### Task details
Would you return each entry exactly as written, omitting any pictures?

### Supplied information
== Segment start ==
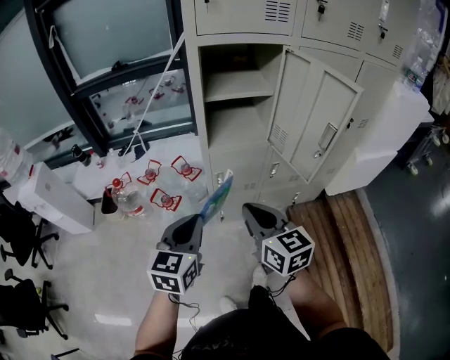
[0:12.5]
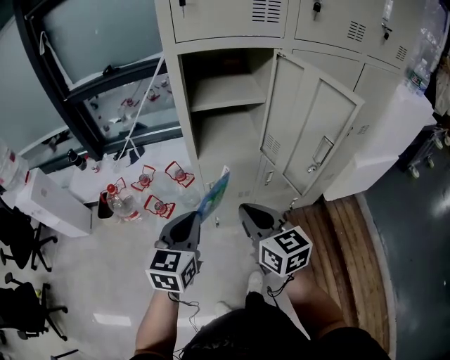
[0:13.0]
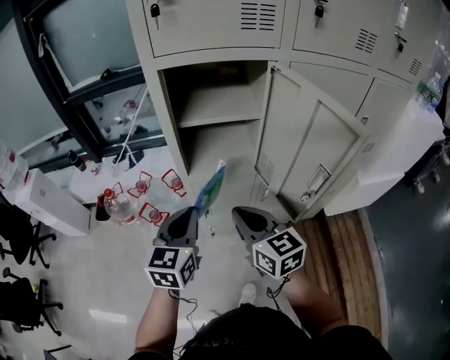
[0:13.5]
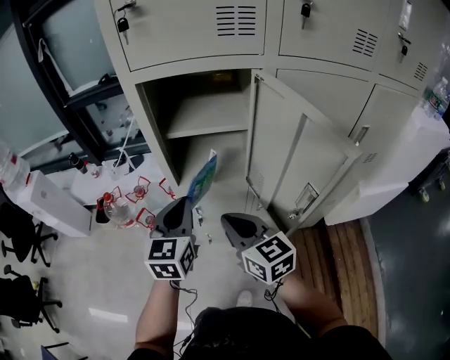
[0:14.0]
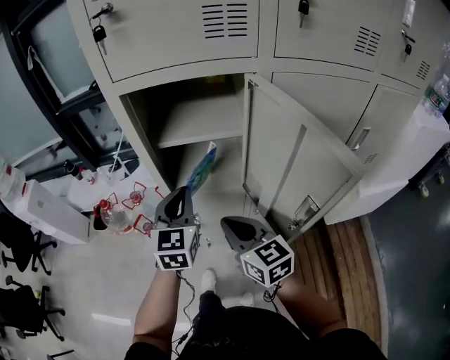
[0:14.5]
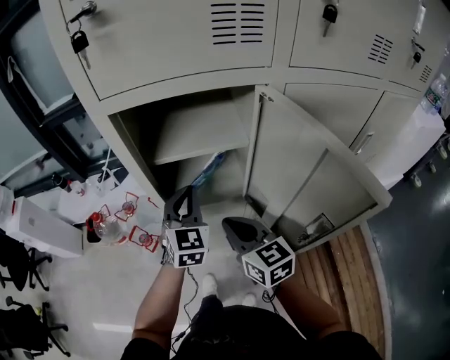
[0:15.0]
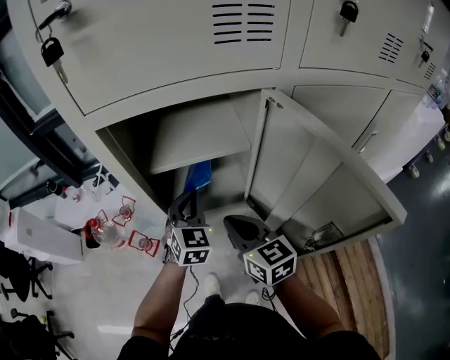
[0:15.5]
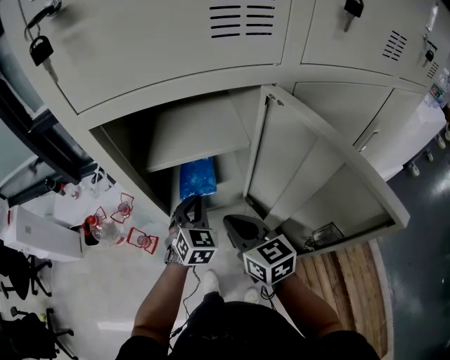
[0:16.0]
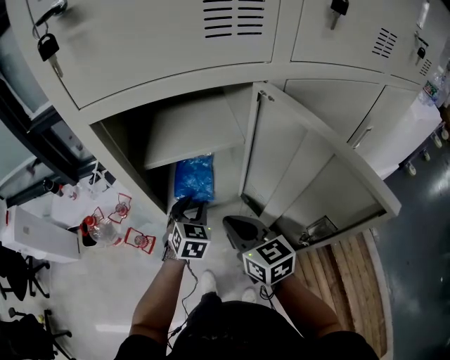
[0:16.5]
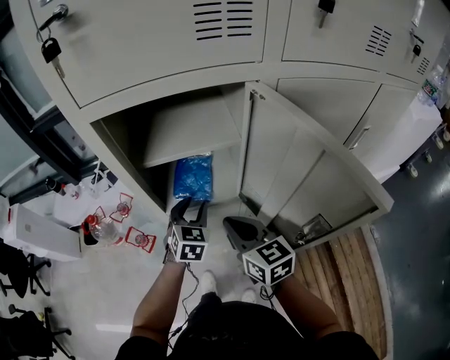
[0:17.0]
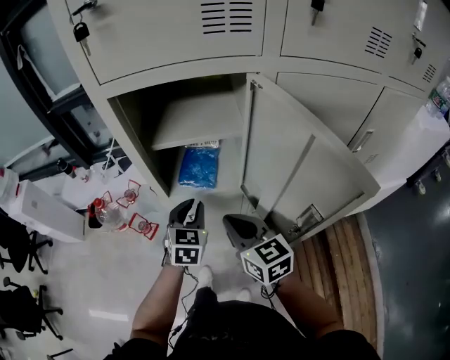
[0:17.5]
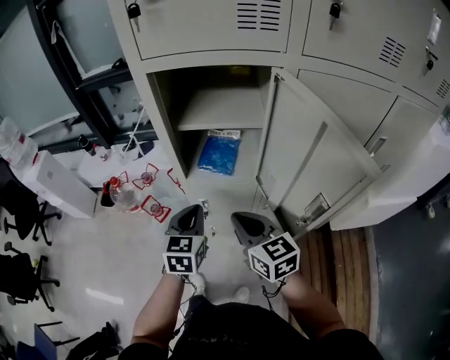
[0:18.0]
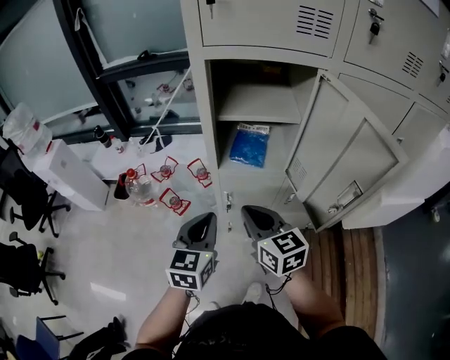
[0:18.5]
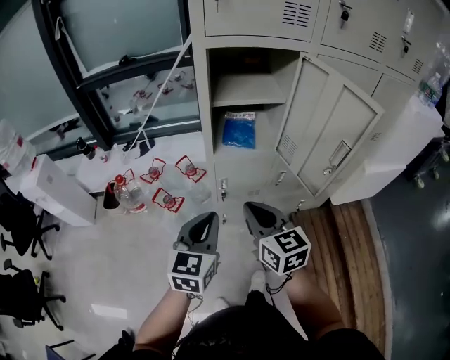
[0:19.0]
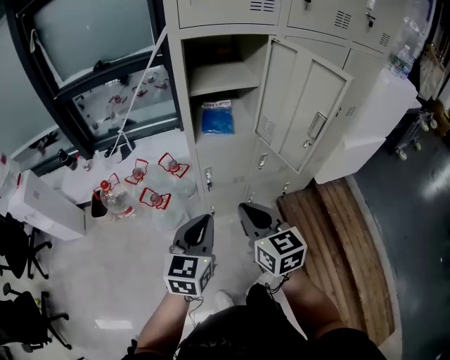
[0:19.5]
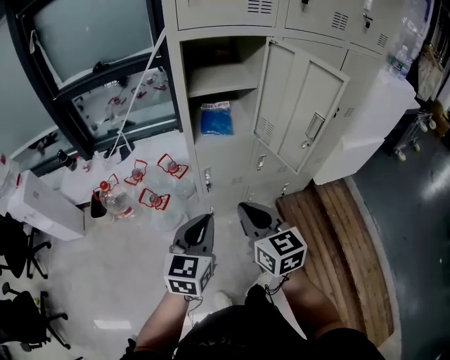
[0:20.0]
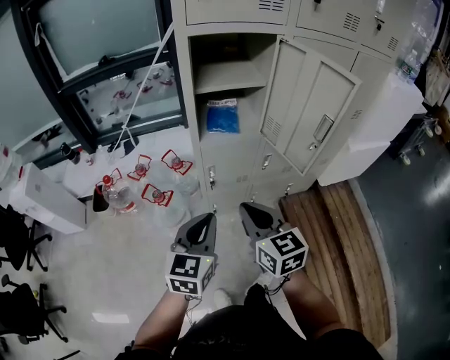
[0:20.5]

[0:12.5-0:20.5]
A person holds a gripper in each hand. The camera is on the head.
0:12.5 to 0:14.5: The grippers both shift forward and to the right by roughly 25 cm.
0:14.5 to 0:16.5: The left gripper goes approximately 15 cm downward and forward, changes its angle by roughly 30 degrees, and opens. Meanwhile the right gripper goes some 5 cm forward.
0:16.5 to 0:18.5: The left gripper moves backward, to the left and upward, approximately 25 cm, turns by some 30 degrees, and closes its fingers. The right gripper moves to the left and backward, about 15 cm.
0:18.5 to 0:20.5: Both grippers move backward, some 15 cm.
== Segment end ==
### Answer to this problem
[0:12.5]
[0:13.0]
[0:13.5]
[0:14.0]
[0:14.5]
[0:15.0]
[0:15.5]
[0:16.0]
[0:16.5]
[0:17.0]
[0:17.5]
[0:18.0]
[0:18.5]
[0:19.0]
[0:19.5]
[0:20.0]
[0:20.5]

[0:12.5-0:20.5]
A person holds a gripper in each hand. The camera is on the head.
0:12.5 to 0:14.5: The grippers both shift forward and to the right by roughly 25 cm.
0:14.5 to 0:16.5: The left gripper goes approximately 15 cm downward and forward, changes its angle by roughly 30 degrees, and opens. Meanwhile the right gripper goes some 5 cm forward.
0:16.5 to 0:18.5: The left gripper moves backward, to the left and upward, approximately 25 cm, turns by some 30 degrees, and closes its fingers. The right gripper moves to the left and backward, about 15 cm.
0:18.5 to 0:20.5: Both grippers move backward, some 15 cm.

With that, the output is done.